WORK TASK: Take the material below and reproduce, word for word, only the lines from the line with "840.364C799.6 840.364 871.283" through the line with "253.521C1592.05 253.521 1663.66".

DATASET RECORDS:
####################
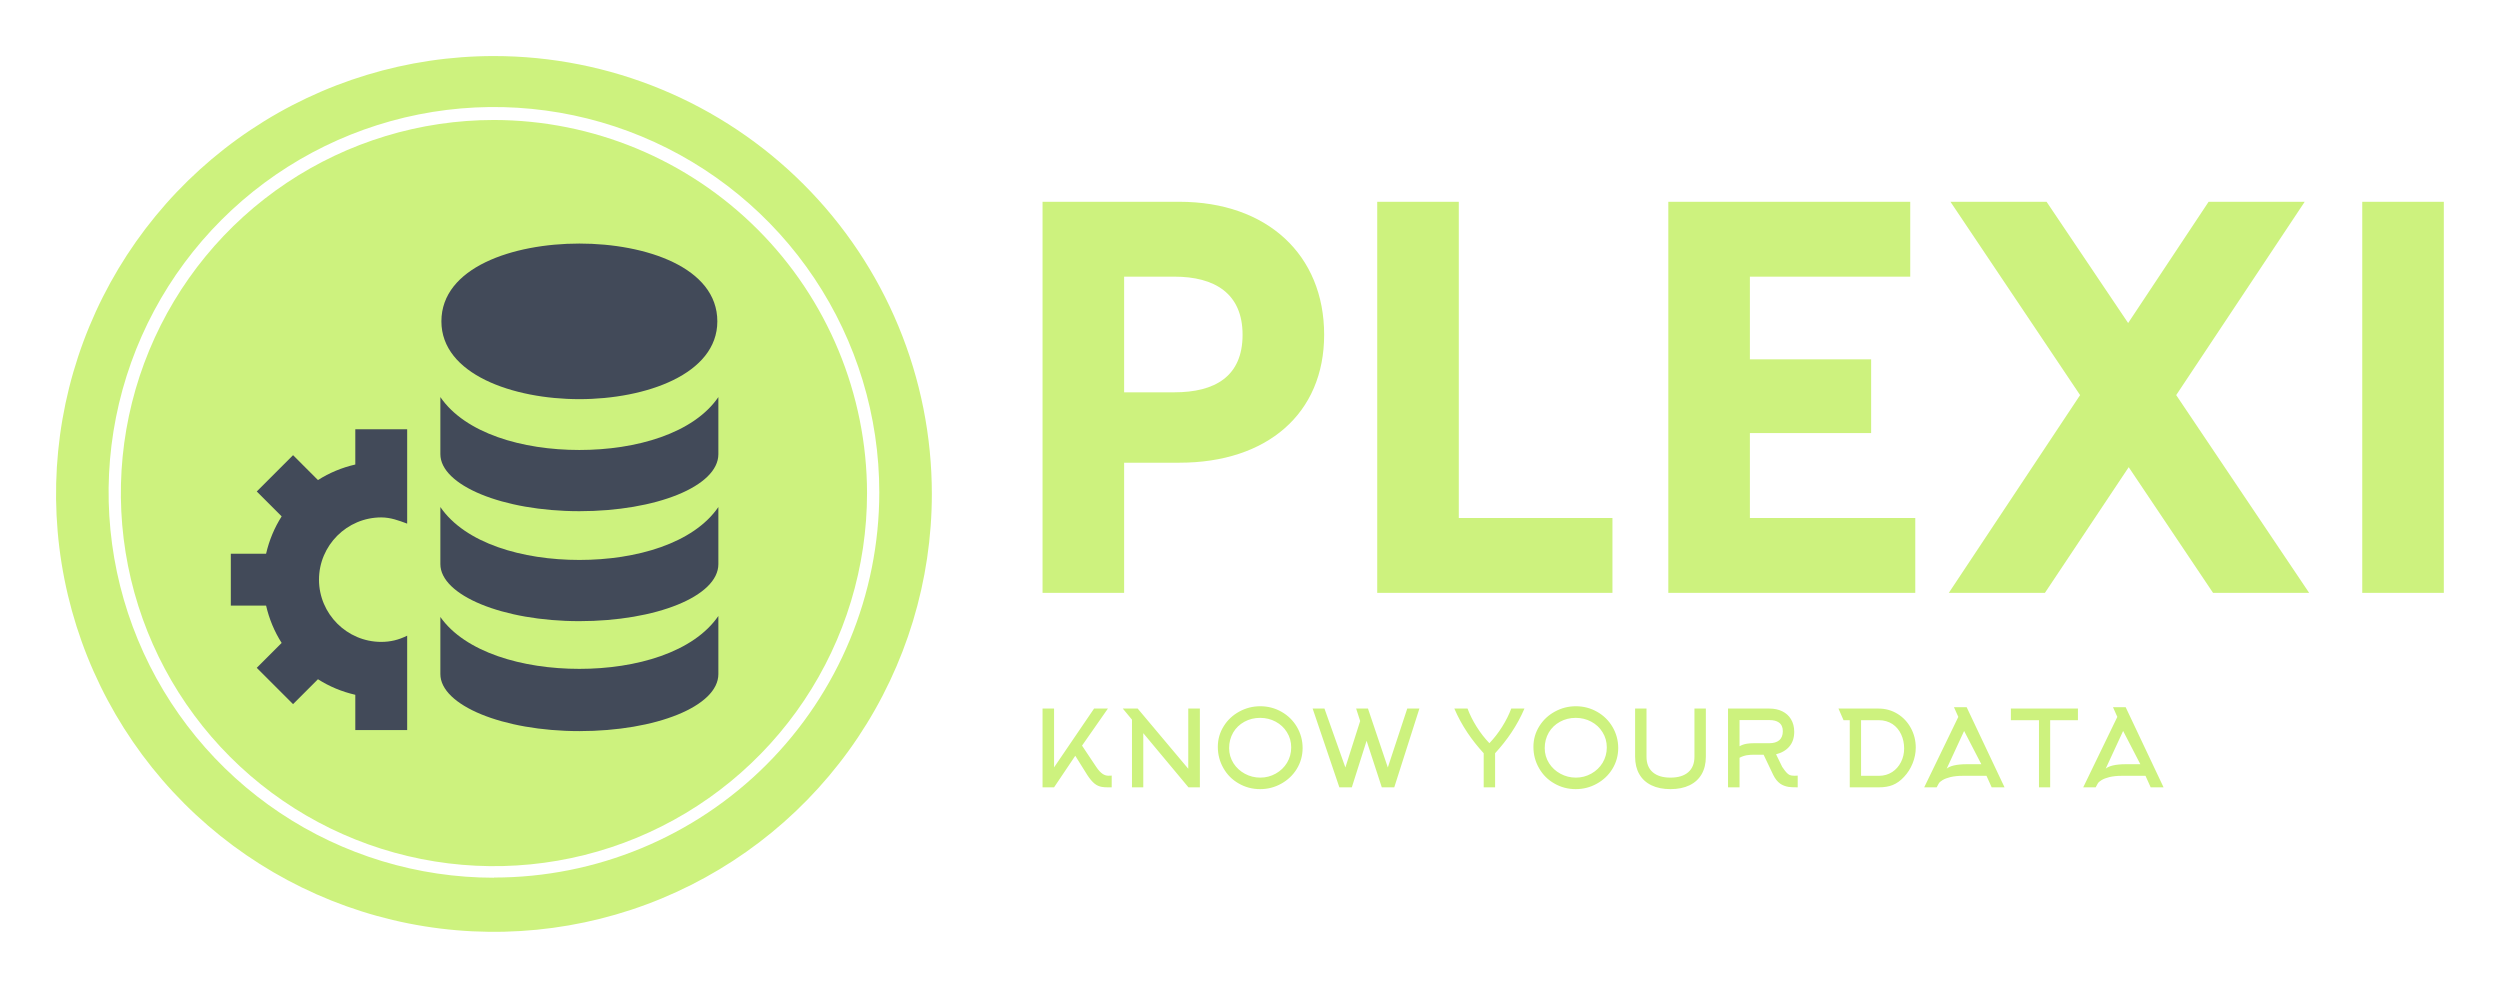 <svg width="3141" height="1242" viewBox="0 0 3141 1242" fill="none" xmlns="http://www.w3.org/2000/svg">
<path d="M620.598 70.423C511.784 70.423 405.413 102.69 314.937 163.144C224.461 223.598 153.943 309.524 112.302 410.055C70.66 510.587 59.765 621.209 80.994 727.933C102.222 834.656 154.621 932.688 231.565 1009.63C308.508 1086.58 406.54 1138.97 513.264 1160.2C619.988 1181.43 730.61 1170.54 831.141 1128.89C931.673 1087.25 1017.6 1016.74 1078.05 926.26C1138.51 835.784 1170.77 729.413 1170.77 620.599C1170.77 548.348 1156.54 476.806 1128.89 410.055C1101.25 343.305 1060.72 282.654 1009.63 231.565C958.543 180.477 897.892 139.951 831.141 112.302C764.391 84.653 692.848 70.423 620.598 70.423ZM620.598 1102.77C524.841 1102.77 431.235 1074.38 351.616 1021.18C271.997 967.978 209.942 892.364 173.297 803.896C136.653 715.428 127.065 618.081 145.746 524.164C164.427 430.247 210.539 343.979 278.249 276.269C345.959 208.559 432.227 162.447 526.144 143.766C620.061 125.085 717.408 134.673 805.876 171.317C894.344 207.962 969.959 270.017 1023.16 349.636C1076.36 429.255 1104.75 522.861 1104.75 618.618C1104.69 746.986 1053.66 870.076 962.87 960.825C872.079 1051.57 748.966 1102.55 620.598 1102.55V1102.77Z" fill="#CDF27E"/>
<path d="M620.598 150.748C527.888 150.748 437.26 178.24 360.174 229.747C283.089 281.254 223.008 354.463 187.529 440.115C152.051 525.768 142.768 620.018 160.855 710.947C178.942 801.875 223.586 885.399 289.142 950.955C354.697 1016.51 438.221 1061.15 529.149 1079.24C620.078 1097.33 714.328 1088.05 799.981 1052.57C885.634 1017.09 958.842 957.007 1010.35 879.922C1061.86 802.836 1089.35 712.208 1089.35 619.498C1089.17 495.232 1039.73 376.105 951.861 288.235C863.991 200.365 744.864 150.923 620.598 150.748Z" fill="#CDF27E"/>
<path d="M727.917 703.514C799.6 703.514 871.283 682.661 902.562 637.045V708.728C902.562 749.131 824.363 780.411 727.917 780.411C631.471 780.411 553.271 747.827 553.271 708.728V637.045C584.551 682.661 656.234 703.514 727.917 703.514Z" fill="#424A59"/>
<path d="M727.917 840.364C799.6 840.364 871.283 819.51 902.562 773.894V846.88C902.562 887.283 824.363 918.563 727.917 918.563C631.471 918.563 553.271 885.98 553.271 846.88V775.197C584.551 819.51 656.234 840.364 727.917 840.364Z" fill="#424A59"/>
<path d="M727.917 565.362C799.6 565.362 871.283 544.509 902.562 498.892V570.575C902.562 610.978 824.363 642.258 727.917 642.258C631.471 642.258 553.271 609.675 553.271 570.575V498.892C584.551 544.509 656.234 565.362 727.917 565.362Z" fill="#424A59"/>
<path d="M727.916 501.499C811.329 501.499 901.259 470.219 901.259 403.749C901.259 335.977 811.329 306 727.916 306C644.504 306 554.574 335.977 554.574 403.749C554.574 470.219 644.504 501.499 727.916 501.499Z" fill="#424A59"/>
<path d="M289.999 760.861V695.695H334.312C338.222 678.751 344.739 663.111 353.862 648.775L322.582 617.495L368.199 571.879L399.478 603.158C413.815 594.035 429.455 587.518 446.398 583.608V539.295H511.564V657.898C501.138 653.988 490.711 650.078 478.981 650.078C435.972 650.078 400.782 685.268 400.782 728.278C400.782 771.287 435.972 806.477 478.981 806.477C490.711 806.477 501.138 803.871 511.564 798.657V917.26H446.398V872.947C429.455 869.037 413.815 862.52 399.478 853.397L368.199 884.677L322.582 839.06L353.862 807.781C344.739 793.444 338.222 777.804 334.312 760.861H289.999Z" fill="#424A59"/>
<path d="M1481.84 253.521C1592.05 253.521 1663.66 320.209 1663.66 420.592C1663.66 519.571 1592.05 581.345 1481.84 581.345H1412.35V744.907H1309.86V253.521H1481.84ZM1475.53 492.896C1526.07 492.896 1561.17 473.241 1561.17 420.592C1561.17 368.646 1526.07 347.586 1475.53 347.586H1412.35V492.896H1475.53ZM1832.83 650.841H2025.88V744.907H1730.34V253.521H1832.83V650.841ZM2198.56 650.841H2406.35V744.907H2184.52H2096.07V253.521H2198.56H2400.03V347.586H2198.56V451.479H2350.89V544.141H2198.56V650.841ZM2901.24 744.907H2780.5L2674.51 586.961L2569.21 744.907H2448.47L2613.43 496.406L2450.57 253.521H2571.31L2673.8 405.851L2774.89 253.521H2895.63L2734.17 496.406L2901.24 744.907ZM3070.42 253.521V744.907H2967.93V253.521H3070.42Z" fill="#CDF27E"/>
<path d="M1350.98 949.542L1324.32 989.207H1309.86V890.242H1324.32V964.134L1374.6 890.242H1391.97L1359.47 936.806L1377.25 963.471C1380.08 967.716 1382.87 970.723 1385.61 972.492C1387.82 973.907 1390.16 974.614 1392.64 974.614L1396.75 974.482V989.207H1394.1C1389.68 989.295 1386.45 989.118 1384.41 988.676C1381.14 988.146 1378.13 986.819 1375.39 984.696C1372.3 982.22 1369.16 978.506 1365.97 973.553L1350.98 949.542ZM1422.22 904.172L1410.68 890.242H1429.39L1492.93 965.859V890.242H1507.52V989.207H1493.19L1436.42 921.152V989.207H1422.22V904.172ZM1622.27 939.061C1622.27 931.986 1620.46 925.574 1616.83 919.826C1613.38 914.254 1608.67 909.876 1602.71 906.692C1596.74 903.508 1590.26 901.917 1583.27 901.917C1576.02 901.917 1569.41 903.553 1563.44 906.825C1557.47 910.097 1552.8 914.563 1549.44 920.224C1545.99 926.149 1544.27 932.738 1544.27 939.99C1544.27 946.888 1546.13 953.256 1549.84 959.093C1553.38 964.576 1558.13 968.932 1564.1 972.16C1570.07 975.388 1576.53 977.002 1583.47 977.002C1590.41 977.002 1596.87 975.322 1602.84 971.961C1608.81 968.6 1613.52 964.09 1616.97 958.43C1620.5 952.504 1622.27 946.048 1622.27 939.061ZM1636.6 939.857C1636.6 949.409 1634.12 958.209 1629.17 966.257C1624.4 973.951 1617.92 980.075 1609.74 984.63C1601.56 989.185 1592.73 991.462 1583.27 991.462C1573.45 991.462 1564.43 989.074 1556.21 984.298C1548.16 979.7 1541.84 973.376 1537.24 965.328C1532.46 957.103 1530.07 948.082 1530.07 938.265C1530.07 928.802 1532.59 920.091 1537.64 912.131C1542.41 904.526 1548.89 898.49 1557.07 894.023C1565.25 889.557 1574.03 887.324 1583.4 887.324C1593.04 887.324 1601.98 889.668 1610.2 894.355C1618.25 898.954 1624.62 905.189 1629.3 913.06C1634.17 921.285 1636.6 930.217 1636.6 939.857ZM1768.07 890.242H1783.32L1751.75 989.207H1736.09L1716.99 930.704L1698.42 989.207H1682.77L1649.2 890.242H1664.06L1690.33 964.267L1708.9 905.896L1703.86 890.242H1718.72L1743.66 964.267L1768.07 890.242ZM1871.28 933.755C1877.2 927.564 1882.55 920.666 1887.33 913.06C1892.1 905.454 1895.91 897.848 1898.74 890.242H1915.32C1910.81 900.767 1905.32 910.849 1898.87 920.489C1893.03 929.245 1886.22 937.867 1878.44 946.358V989.207H1864.11V946.358C1856.33 937.867 1849.52 929.245 1843.68 920.489C1837.23 910.849 1831.74 900.767 1827.23 890.242H1843.81C1846.64 897.848 1850.45 905.454 1855.22 913.06C1860 920.666 1865.35 927.564 1871.28 933.755ZM2018.79 939.061C2018.79 931.986 2016.98 925.574 2013.35 919.826C2009.91 914.254 2005.2 909.876 1999.23 906.692C1993.26 903.508 1986.78 901.917 1979.79 901.917C1972.54 901.917 1965.93 903.553 1959.96 906.825C1953.99 910.097 1949.32 914.563 1945.96 920.224C1942.51 926.149 1940.79 932.738 1940.79 939.99C1940.79 946.888 1942.65 953.256 1946.36 959.093C1949.9 964.576 1954.65 968.932 1960.62 972.16C1966.59 975.388 1973.05 977.002 1979.99 977.002C1986.93 977.002 1993.39 975.322 1999.36 971.961C2005.33 968.6 2010.04 964.09 2013.49 958.43C2017.02 952.504 2018.79 946.048 2018.79 939.061ZM2033.12 939.857C2033.12 949.409 2030.64 958.209 2025.69 966.257C2020.92 973.951 2014.44 980.075 2006.26 984.63C1998.08 989.185 1989.25 991.462 1979.79 991.462C1969.97 991.462 1960.95 989.074 1952.73 984.298C1944.68 979.7 1938.36 973.376 1933.76 965.328C1928.98 957.103 1926.59 948.082 1926.59 938.265C1926.59 928.802 1929.12 920.091 1934.16 912.131C1938.93 904.526 1945.41 898.49 1953.59 894.023C1961.77 889.557 1970.55 887.324 1979.92 887.324C1989.56 887.324 1998.5 889.668 2006.72 894.355C2014.77 898.954 2021.14 905.189 2025.82 913.06C2030.69 921.285 2033.12 930.217 2033.12 939.857ZM2098.79 991.462C2089.5 991.462 2081.52 989.848 2074.84 986.62C2068.16 983.392 2063.08 978.727 2059.59 972.624C2056.09 966.522 2054.35 959.226 2054.35 950.735V890.242H2068.67V950.735C2068.67 959.226 2071.28 965.726 2076.5 970.236C2081.72 974.747 2089.15 977.002 2098.79 977.002C2108.43 977.002 2115.86 974.747 2121.07 970.236C2126.29 965.726 2128.9 959.226 2128.9 950.735V890.242H2143.23V950.735C2143.23 959.226 2141.48 966.522 2137.99 972.624C2134.49 978.727 2129.41 983.392 2122.73 986.62C2116.06 989.848 2108.07 991.462 2098.79 991.462ZM2185.55 904.702V937.602C2188.29 936.01 2191.34 934.949 2194.7 934.418C2197.18 933.976 2200.36 933.755 2204.25 933.755H2223.09C2228.31 933.755 2232.38 932.561 2235.29 930.173C2238.39 927.608 2239.94 923.761 2239.94 918.632C2239.94 913.768 2238.3 910.141 2235.03 907.754C2232.2 905.719 2228.22 904.702 2223.09 904.702H2185.55ZM2227.87 973.553L2215.79 948.215H2204.25C2200.63 948.215 2197.44 948.436 2194.7 948.878C2191.34 949.497 2188.29 950.559 2185.55 952.062V989.207H2171.09V890.242H2223.09C2229.19 890.242 2234.59 891.392 2239.27 893.692C2243.96 895.991 2247.59 899.263 2250.15 903.508C2252.89 908.019 2254.26 913.325 2254.26 919.428C2254.26 926.857 2252.27 932.959 2248.29 937.735C2244.32 942.511 2238.7 945.827 2231.45 947.684L2239.14 963.471C2241.35 966.743 2243.08 969.043 2244.32 970.369C2245.82 972.049 2247.26 973.177 2248.63 973.752C2250 974.327 2251.79 974.614 2254 974.614H2255.46L2258.64 974.482V989.207C2253.51 989.207 2249.71 989.03 2247.23 988.676C2243.08 987.969 2239.54 986.598 2236.62 984.564C2233.17 982.087 2230.25 978.417 2227.87 973.553ZM2338.24 904.835V974.747H2360.66C2366.85 974.747 2372.42 973.155 2377.37 969.971C2382.06 966.876 2385.73 962.719 2388.38 957.501C2391.04 952.283 2392.36 946.579 2392.36 940.388C2392.36 933.932 2391.1 928.006 2388.58 922.612C2386.06 917.217 2382.46 912.927 2377.77 909.744C2372.73 906.471 2366.94 904.835 2360.39 904.835H2338.24ZM2316.22 904.835L2309.85 890.242H2360.26C2369.02 890.242 2377.02 892.498 2384.27 897.008C2391.26 901.342 2396.79 907.267 2400.85 914.785C2404.92 922.302 2406.96 930.483 2406.96 939.327C2406.96 945.96 2405.65 952.526 2403.04 959.027C2400.43 965.527 2396.83 971.209 2392.23 976.073C2387.81 980.849 2383.08 984.254 2378.04 986.288C2373.17 988.234 2367.38 989.207 2360.66 989.207H2324.04V904.835H2316.22ZM2460.42 900.723L2454.98 888.518H2470.9L2518.52 989.207H2502.34L2495.84 974.747H2465.72C2460.06 974.747 2454.98 975.278 2450.47 976.339C2446.49 977.312 2443.17 978.594 2440.52 980.186C2438.13 981.601 2436.54 983.06 2435.74 984.564L2433.22 989.207H2417.57L2460.42 900.723ZM2471.03 960.154H2489.34L2467.71 918.366L2445.83 965.726C2447.77 964.046 2450.73 962.719 2454.71 961.746C2459.22 960.685 2464.66 960.154 2471.03 960.154ZM2610.72 904.835H2575.83V989.207H2561.77V904.835H2526.48V890.242H2610.72V904.835ZM2660.2 900.723L2654.77 888.518H2670.68L2718.31 989.207H2702.12L2695.62 974.747H2665.51C2659.85 974.747 2654.77 975.278 2650.25 976.339C2646.27 977.312 2642.96 978.594 2640.31 980.186C2637.92 981.601 2636.33 983.06 2635.53 984.564L2633.01 989.207H2617.36L2660.2 900.723ZM2670.82 960.154H2689.12L2667.5 918.366L2645.61 965.726C2647.56 964.046 2650.52 962.719 2654.5 961.746C2659.01 960.685 2664.45 960.154 2670.82 960.154Z" fill="#CDF27E"/>
</svg>
####################
SOLUTION FOR THIS EXERCISE:
<path d="M727.917 840.364C799.6 840.364 871.283 819.51 902.562 773.894V846.88C902.562 887.283 824.363 918.563 727.917 918.563C631.471 918.563 553.271 885.98 553.271 846.88V775.197C584.551 819.51 656.234 840.364 727.917 840.364Z" fill="#424A59"/>
<path d="M727.917 565.362C799.6 565.362 871.283 544.509 902.562 498.892V570.575C902.562 610.978 824.363 642.258 727.917 642.258C631.471 642.258 553.271 609.675 553.271 570.575V498.892C584.551 544.509 656.234 565.362 727.917 565.362Z" fill="#424A59"/>
<path d="M727.916 501.499C811.329 501.499 901.259 470.219 901.259 403.749C901.259 335.977 811.329 306 727.916 306C644.504 306 554.574 335.977 554.574 403.749C554.574 470.219 644.504 501.499 727.916 501.499Z" fill="#424A59"/>
<path d="M289.999 760.861V695.695H334.312C338.222 678.751 344.739 663.111 353.862 648.775L322.582 617.495L368.199 571.879L399.478 603.158C413.815 594.035 429.455 587.518 446.398 583.608V539.295H511.564V657.898C501.138 653.988 490.711 650.078 478.981 650.078C435.972 650.078 400.782 685.268 400.782 728.278C400.782 771.287 435.972 806.477 478.981 806.477C490.711 806.477 501.138 803.871 511.564 798.657V917.26H446.398V872.947C429.455 869.037 413.815 862.52 399.478 853.397L368.199 884.677L322.582 839.06L353.862 807.781C344.739 793.444 338.222 777.804 334.312 760.861H289.999Z" fill="#424A59"/>
<path d="M1481.84 253.521C1592.05 253.521 1663.66 320.209 1663.66 420.592C1663.66 519.571 1592.05 581.345 1481.84 581.345H1412.35V744.907H1309.86V253.521H1481.84ZM1475.53 492.896C1526.07 492.896 1561.17 473.241 1561.17 420.592C1561.17 368.646 1526.07 347.586 1475.53 347.586H1412.35V492.896H1475.53ZM1832.83 650.841H2025.88V744.907H1730.34V253.521H1832.83V650.841ZM2198.56 650.841H2406.35V744.907H2184.52H2096.07V253.521H2198.56H2400.03V347.586H2198.56V451.479H2350.89V544.141H2198.56V650.841ZM2901.24 744.907H2780.5L2674.51 586.961L2569.21 744.907H2448.47L2613.43 496.406L2450.57 253.521H2571.31L2673.8 405.851L2774.89 253.521H2895.63L2734.17 496.406L2901.24 744.907ZM3070.42 253.521V744.907H2967.93V253.521H3070.42Z" fill="#CDF27E"/>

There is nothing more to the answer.